» **What you have to do**: The required output is the exact run of lines below that opens at the line with "#24228=CARTESIAN_POINT('',(9.8,-1.2,36.8));" and closes at the line with "#24647=VERTEX_POINT('',#24646);".

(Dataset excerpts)
┌────────
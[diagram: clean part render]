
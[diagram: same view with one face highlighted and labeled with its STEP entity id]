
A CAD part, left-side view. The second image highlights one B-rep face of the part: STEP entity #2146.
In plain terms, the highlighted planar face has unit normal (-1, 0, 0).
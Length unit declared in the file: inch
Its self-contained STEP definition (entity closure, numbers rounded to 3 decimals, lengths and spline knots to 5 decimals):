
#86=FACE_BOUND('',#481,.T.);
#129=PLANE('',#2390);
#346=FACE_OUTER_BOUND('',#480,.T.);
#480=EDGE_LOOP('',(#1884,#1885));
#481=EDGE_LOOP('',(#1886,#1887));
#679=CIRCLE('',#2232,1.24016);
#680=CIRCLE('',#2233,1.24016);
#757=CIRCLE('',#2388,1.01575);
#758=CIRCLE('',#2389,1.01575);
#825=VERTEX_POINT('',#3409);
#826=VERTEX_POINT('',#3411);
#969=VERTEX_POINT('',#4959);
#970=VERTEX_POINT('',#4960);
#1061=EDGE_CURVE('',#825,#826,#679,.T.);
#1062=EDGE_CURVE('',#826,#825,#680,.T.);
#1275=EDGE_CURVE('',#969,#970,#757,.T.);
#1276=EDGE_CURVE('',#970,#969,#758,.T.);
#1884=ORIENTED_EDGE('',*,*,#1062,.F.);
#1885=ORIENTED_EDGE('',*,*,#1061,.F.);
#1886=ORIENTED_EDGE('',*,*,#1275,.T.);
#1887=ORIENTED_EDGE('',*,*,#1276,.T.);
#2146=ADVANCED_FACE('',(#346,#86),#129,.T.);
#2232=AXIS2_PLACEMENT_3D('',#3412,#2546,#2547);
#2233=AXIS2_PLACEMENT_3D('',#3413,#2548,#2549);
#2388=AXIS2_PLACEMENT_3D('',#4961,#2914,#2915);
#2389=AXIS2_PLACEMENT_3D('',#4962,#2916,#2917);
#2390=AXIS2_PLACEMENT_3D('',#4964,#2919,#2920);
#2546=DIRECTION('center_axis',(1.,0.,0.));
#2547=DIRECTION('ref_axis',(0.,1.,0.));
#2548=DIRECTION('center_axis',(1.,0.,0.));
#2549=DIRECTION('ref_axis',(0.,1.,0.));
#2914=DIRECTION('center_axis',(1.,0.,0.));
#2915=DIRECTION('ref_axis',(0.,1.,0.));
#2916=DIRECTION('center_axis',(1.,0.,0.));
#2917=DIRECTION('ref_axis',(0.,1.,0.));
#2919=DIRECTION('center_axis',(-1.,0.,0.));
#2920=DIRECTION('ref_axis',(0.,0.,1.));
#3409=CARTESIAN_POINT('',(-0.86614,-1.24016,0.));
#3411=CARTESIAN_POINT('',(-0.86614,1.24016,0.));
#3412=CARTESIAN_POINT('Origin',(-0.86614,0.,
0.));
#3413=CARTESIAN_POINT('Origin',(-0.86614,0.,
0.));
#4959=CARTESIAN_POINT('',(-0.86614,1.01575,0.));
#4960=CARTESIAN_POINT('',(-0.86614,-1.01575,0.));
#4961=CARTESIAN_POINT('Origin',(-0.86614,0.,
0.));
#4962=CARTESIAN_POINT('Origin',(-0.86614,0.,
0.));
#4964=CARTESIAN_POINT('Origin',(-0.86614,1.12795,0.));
└────────
┌────────
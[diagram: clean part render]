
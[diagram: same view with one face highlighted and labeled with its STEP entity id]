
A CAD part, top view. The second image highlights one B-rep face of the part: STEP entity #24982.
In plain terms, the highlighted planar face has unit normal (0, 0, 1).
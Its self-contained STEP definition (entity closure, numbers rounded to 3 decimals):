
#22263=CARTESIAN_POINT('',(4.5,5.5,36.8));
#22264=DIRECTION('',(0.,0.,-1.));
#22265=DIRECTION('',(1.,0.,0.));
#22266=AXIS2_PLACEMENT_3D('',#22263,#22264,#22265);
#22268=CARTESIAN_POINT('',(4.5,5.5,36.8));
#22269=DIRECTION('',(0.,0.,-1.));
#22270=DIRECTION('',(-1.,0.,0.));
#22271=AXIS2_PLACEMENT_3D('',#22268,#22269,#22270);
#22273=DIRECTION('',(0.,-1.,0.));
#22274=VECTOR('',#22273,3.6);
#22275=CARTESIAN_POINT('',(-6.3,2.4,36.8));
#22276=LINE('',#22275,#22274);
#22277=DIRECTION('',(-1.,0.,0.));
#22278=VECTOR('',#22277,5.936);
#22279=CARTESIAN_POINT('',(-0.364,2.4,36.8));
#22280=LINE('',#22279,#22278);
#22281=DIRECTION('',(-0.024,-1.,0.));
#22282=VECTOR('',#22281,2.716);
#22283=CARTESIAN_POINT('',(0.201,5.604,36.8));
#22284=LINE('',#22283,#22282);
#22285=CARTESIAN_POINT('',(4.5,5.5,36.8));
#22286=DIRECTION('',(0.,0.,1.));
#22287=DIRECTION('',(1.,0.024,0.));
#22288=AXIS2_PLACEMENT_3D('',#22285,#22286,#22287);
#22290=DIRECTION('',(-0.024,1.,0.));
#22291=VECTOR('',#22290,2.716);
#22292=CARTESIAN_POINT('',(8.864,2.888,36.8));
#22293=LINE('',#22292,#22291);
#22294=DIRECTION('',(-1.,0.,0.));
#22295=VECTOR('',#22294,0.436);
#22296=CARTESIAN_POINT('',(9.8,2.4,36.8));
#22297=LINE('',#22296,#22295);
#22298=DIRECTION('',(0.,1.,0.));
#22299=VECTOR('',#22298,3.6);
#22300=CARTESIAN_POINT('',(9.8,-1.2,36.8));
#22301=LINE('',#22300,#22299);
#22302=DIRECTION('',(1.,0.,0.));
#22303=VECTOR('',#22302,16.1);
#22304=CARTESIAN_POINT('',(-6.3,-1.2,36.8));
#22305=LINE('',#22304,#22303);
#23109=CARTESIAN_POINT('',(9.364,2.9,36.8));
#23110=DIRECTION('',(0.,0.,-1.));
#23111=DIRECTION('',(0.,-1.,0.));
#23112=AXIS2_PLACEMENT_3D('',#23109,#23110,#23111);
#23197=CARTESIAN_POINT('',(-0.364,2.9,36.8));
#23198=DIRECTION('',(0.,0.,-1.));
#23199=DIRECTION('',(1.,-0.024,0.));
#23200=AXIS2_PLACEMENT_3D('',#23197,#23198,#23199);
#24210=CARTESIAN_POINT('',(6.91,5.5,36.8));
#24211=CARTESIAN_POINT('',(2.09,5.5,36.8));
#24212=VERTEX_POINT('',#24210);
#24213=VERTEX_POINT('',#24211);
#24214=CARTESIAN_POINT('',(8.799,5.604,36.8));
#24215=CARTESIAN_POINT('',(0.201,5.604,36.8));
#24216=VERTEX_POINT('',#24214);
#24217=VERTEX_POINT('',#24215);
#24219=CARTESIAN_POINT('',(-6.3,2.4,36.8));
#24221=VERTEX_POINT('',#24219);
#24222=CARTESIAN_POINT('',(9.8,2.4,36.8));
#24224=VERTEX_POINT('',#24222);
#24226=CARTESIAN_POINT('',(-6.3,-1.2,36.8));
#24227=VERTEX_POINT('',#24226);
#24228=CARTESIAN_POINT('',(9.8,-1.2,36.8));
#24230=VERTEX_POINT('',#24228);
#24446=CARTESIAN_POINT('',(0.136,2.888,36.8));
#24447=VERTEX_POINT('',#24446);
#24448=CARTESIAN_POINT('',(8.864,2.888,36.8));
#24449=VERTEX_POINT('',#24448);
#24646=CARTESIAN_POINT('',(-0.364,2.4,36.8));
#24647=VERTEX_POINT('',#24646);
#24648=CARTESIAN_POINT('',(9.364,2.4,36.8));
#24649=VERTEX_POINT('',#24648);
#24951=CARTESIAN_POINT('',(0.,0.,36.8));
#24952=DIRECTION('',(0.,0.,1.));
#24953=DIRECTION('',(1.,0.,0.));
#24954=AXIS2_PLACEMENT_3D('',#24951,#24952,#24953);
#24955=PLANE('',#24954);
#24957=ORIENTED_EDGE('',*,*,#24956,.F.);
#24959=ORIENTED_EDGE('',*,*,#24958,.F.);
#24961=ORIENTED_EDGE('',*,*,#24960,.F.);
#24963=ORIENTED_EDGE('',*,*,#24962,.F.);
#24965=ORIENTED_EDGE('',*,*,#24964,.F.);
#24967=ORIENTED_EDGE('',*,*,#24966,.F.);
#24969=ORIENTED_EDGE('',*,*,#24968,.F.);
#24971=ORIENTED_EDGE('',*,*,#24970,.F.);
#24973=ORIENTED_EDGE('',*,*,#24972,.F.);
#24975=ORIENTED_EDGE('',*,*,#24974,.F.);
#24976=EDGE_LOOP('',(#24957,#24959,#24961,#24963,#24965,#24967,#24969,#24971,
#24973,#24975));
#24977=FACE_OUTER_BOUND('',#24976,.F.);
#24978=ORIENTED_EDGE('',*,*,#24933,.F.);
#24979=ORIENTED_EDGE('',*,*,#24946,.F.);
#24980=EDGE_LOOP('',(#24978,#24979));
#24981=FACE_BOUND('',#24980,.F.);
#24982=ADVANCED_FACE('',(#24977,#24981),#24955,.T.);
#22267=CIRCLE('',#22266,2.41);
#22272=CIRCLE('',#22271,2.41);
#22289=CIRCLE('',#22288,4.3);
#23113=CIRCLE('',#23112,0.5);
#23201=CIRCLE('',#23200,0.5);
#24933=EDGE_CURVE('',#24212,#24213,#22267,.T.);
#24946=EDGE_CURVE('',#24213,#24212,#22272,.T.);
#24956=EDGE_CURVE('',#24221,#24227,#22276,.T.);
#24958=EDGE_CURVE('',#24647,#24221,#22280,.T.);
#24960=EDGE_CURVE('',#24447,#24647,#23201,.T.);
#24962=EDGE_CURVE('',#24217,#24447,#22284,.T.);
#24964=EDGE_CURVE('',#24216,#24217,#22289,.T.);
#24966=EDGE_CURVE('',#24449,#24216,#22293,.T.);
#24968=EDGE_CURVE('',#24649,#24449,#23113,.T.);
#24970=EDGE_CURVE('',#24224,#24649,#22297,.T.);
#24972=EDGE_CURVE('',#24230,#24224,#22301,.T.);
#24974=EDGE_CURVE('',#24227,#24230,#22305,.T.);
└────────
» **Solution to this problem**:
#24228=CARTESIAN_POINT('',(9.8,-1.2,36.8));
#24230=VERTEX_POINT('',#24228);
#24446=CARTESIAN_POINT('',(0.136,2.888,36.8));
#24447=VERTEX_POINT('',#24446);
#24448=CARTESIAN_POINT('',(8.864,2.888,36.8));
#24449=VERTEX_POINT('',#24448);
#24646=CARTESIAN_POINT('',(-0.364,2.4,36.8));
#24647=VERTEX_POINT('',#24646);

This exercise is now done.